Humphreys who is an expert on GPS jamming said that the Russians could cause some serious confusion for the drone operators. If GPS signals are lost drones may appear in locations where they are not, possibly causing them to crash.
The first time that the Russian were caught jamming drones was four years ago during the invasion of Crimea in eastern Ukraine. Humphreys said that the jammers were first detected as a faint signal. They had a serious impact on the United Nations surveillance drones, that were trying to gather intelligence from the air.
The Defense Department did not comment on the possibility of drones crashing as a result of GPS jammers.
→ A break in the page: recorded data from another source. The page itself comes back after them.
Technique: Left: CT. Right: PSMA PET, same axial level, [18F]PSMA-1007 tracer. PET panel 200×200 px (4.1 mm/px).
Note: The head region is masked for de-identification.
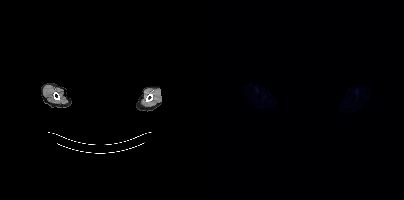
Findings: Negative for PSMA-avid disease on this slice.
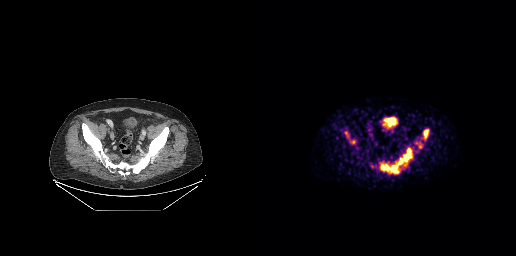
{"pet_grid":[256,256],"coord_frame":"pet_panel","coord_format":"x0,y0,x1,y1","lesion_bboxes":[[120,148,152,173],[163,129,168,138],[90,140,95,143]],"small_foci_centers":[[160,146],[144,164]],"modality":"PSMA PET/CT","view":"axial","tracer":"68Ga-PSMA"}
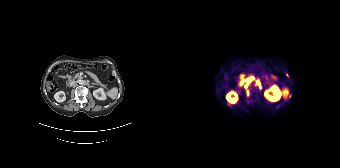
Technique: Paired axial CT (left) and PSMA PET (right), 68Ga-PSMA tracer. slice position z = -1326 mm.
Findings: Coordinates are on the 168×168 PET (right) panel. (showing 4 of 5 foci) PSMA-avid tumor lesion bounding boxes (x0,y0,x1,y1): [83,79,89,88], [74,89,77,95], [73,81,78,87]. Small PSMA-avid focus (2 to 4 px across) near (center x, center y): (117, 96).
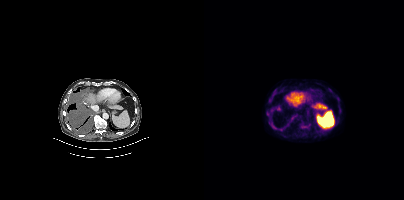
Findings: Coordinates are on the 200×200 PET (right) panel. (showing 4 of 5 foci) PSMA-avid tumor lesion bounding box (x, y, width, height): x=97 y=123 w=8 h=6. Small PSMA-avid foci (2 to 4 px across) near (center x, center y): (63, 114); (65, 98); (124, 88).
Technique: Two-panel axial: CT | PSMA PET, 18F tracer. PET panel 200×200 px (4.1 mm/px).
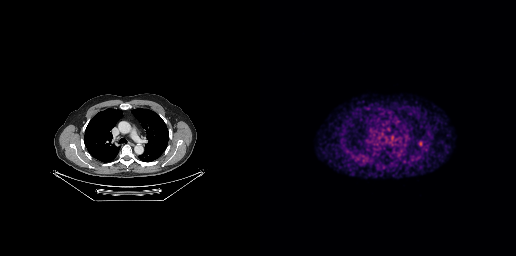
modality: PSMA PET/CT | tracer: 68Ga | view: axial
Coordinates are on the 256×256 PET (right) panel. Small PSMA-avid focus (2 to 4 px across) near (center x, center y): (160, 142).
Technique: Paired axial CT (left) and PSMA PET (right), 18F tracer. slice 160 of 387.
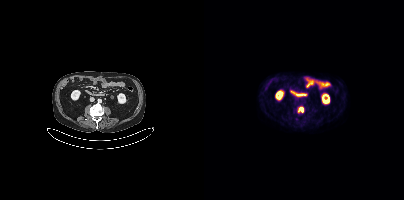
Findings: Coordinates are on the 200×200 PET (right) panel. PSMA-avid tumor lesion bounding box (x, y, width, height): x=94 y=107 w=6 h=6.
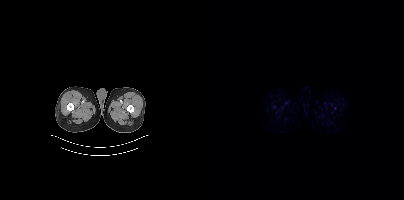
- Two-panel axial: CT | PSMA PET, 18F tracer
- slice position z = -1725 mm
- PET panel 200×200 px (4.1 mm/px)
Findings: No PSMA-avid tumor lesions on this slice.
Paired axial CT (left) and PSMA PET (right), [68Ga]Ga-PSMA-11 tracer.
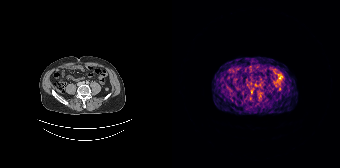
Coordinates are on the 168×168 PET (right) panel. Small PSMA-avid focus (2 to 4 px across) near (center x, center y): (79, 91).
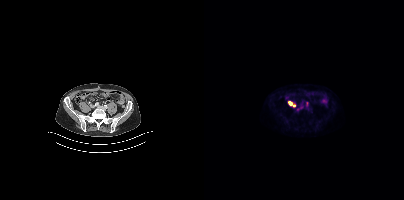
Coordinates are on the 200×200 PET (right) panel. PSMA-avid tumor lesion bounding box (x, y, width, height): x=84 y=101 w=8 h=7.
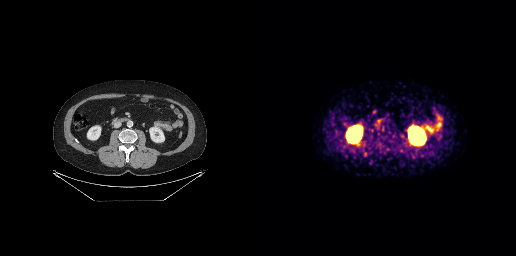
Technique: Left: CT. Right: PSMA PET, same axial level, [68Ga]Ga-PSMA-11 tracer. acquired on GE Discovery 690.
Findings: This slice has no annotated PSMA-avid lesion.
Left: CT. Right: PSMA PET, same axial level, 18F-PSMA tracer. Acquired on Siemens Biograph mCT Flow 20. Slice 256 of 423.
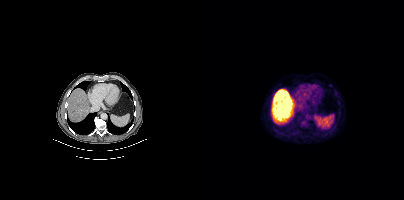
This slice has no annotated PSMA-avid lesion.

Pentagon spokesman Eric Pahon said:
“The U.S. military maintains sufficient countermeasures and protections to ensure the safety of our manned and unmanned aircraft, our forces and the missions they support.”
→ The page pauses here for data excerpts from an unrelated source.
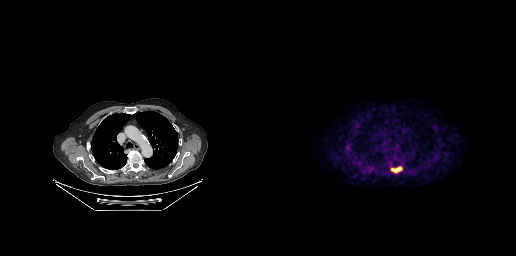
{"modality":"PSMA PET/CT","view":"axial","tracer":"[18F]PSMA-1007","pet_grid":[256,256],"coord_frame":"pet_panel","coord_format":"x0,y0,x1,y1","lesion_bboxes":[[131,167,141,172]]}
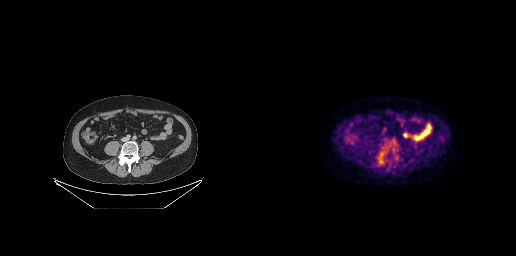
Coordinates are on the 256×256 PET (right) panel. PSMA-avid tumor lesion bounding box (x, y, width, height): x=120 y=160 w=5 h=5.
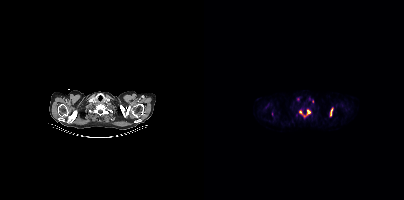
Two-panel axial: CT | PSMA PET, 18F tracer. Slice 800 of 963. PET panel 200×200 px (4.1 mm/px). Coordinates are on the 200×200 PET (right) panel. PSMA-avid tumor lesion bounding boxes (x, y, width, height): x=103 y=109 w=4 h=6 | x=126 y=108 w=3 h=8 | x=95 y=110 w=4 h=5. Small PSMA-avid foci (2 to 4 px across) near (center x, center y): (68, 113) | (100, 115) | (108, 101).
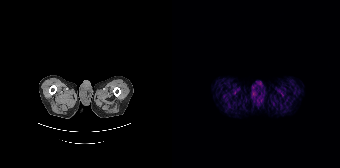
No PSMA-avid tumor lesions on this slice.
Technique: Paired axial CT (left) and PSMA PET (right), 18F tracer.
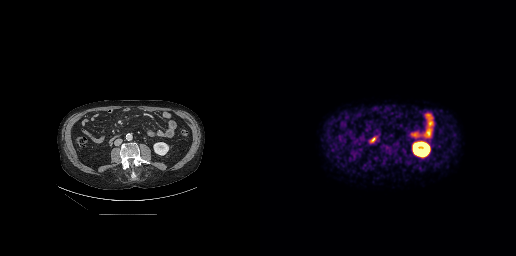
Findings: This slice has no annotated PSMA-avid lesion.
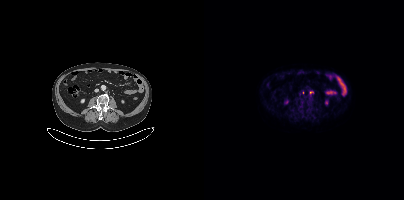
No PSMA-avid tumor lesions on this slice.
modality: PSMA PET/CT | tracer: 18F | view: axial | PET grid: 200×200
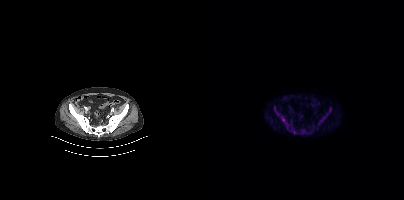
- Paired axial CT (left) and PSMA PET (right), [18F]PSMA-1007 tracer
- slice position z = -776 mm
- PET panel 200×200 px (4.1 mm/px)
Findings: Coordinates are on the 200×200 PET (right) panel. (showing 4 of 6 foci) PSMA-avid tumor lesion bounding boxes (x0, y0)-(x1, y1): (70, 110)-(85, 129) | (114, 108)-(127, 124) | (97, 129)-(102, 133) | (89, 129)-(92, 134).
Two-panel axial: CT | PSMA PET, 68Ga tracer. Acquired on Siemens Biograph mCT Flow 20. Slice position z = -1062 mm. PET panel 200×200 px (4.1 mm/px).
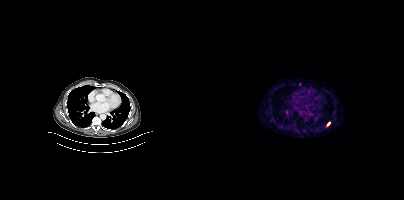
Coordinates are on the 200×200 PET (right) panel. Small PSMA-avid focus (2 to 4 px across) near (center x, center y): (124, 123).
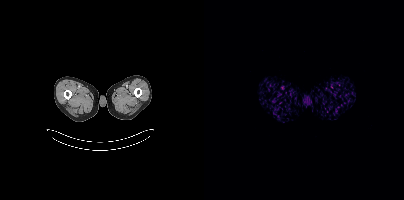
- Paired axial CT (left) and PSMA PET (right), [68Ga]Ga-PSMA-11 tracer
Findings: Negative for PSMA-avid disease on this slice.
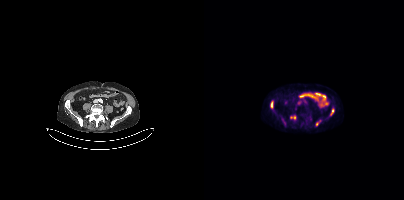
Findings: Coordinates are on the 200×200 PET (right) panel. PSMA-avid tumor lesion bounding boxes (x0,y0,x1,y1): [86,116,91,119] [67,101,68,107] [127,109,130,113]. Small PSMA-avid focus (2 to 4 px across) near (center x, center y): (113, 123).
Technique: Two-panel axial: CT | PSMA PET, 18F-PSMA tracer. slice 118 of 373.
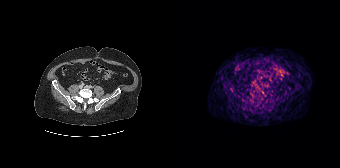
Negative for PSMA-avid disease on this slice.

However, one U.S. official did confirm that the GPS jamming of the Russians did have an impact on the U.S. military drone operations in Syria. Officials also confirmed that the equipment used by the Russians is very sophisticated and effective even against some encrypted signals and anti-jamming receivers. The larger drones such as the Predators and Reapers that are often used in combat situations are less impacted than the smaller surveillance drones.
According to Humphreys, the Russian GPS jamming of U.S. drones is serious, even though it takes place in cyberspace.
“They are a little less hostile looking than a kinetic bullet but sometimes the effect can be just as damaging,” he said. “It’s like shooting at them with radio waves instead of bullets.”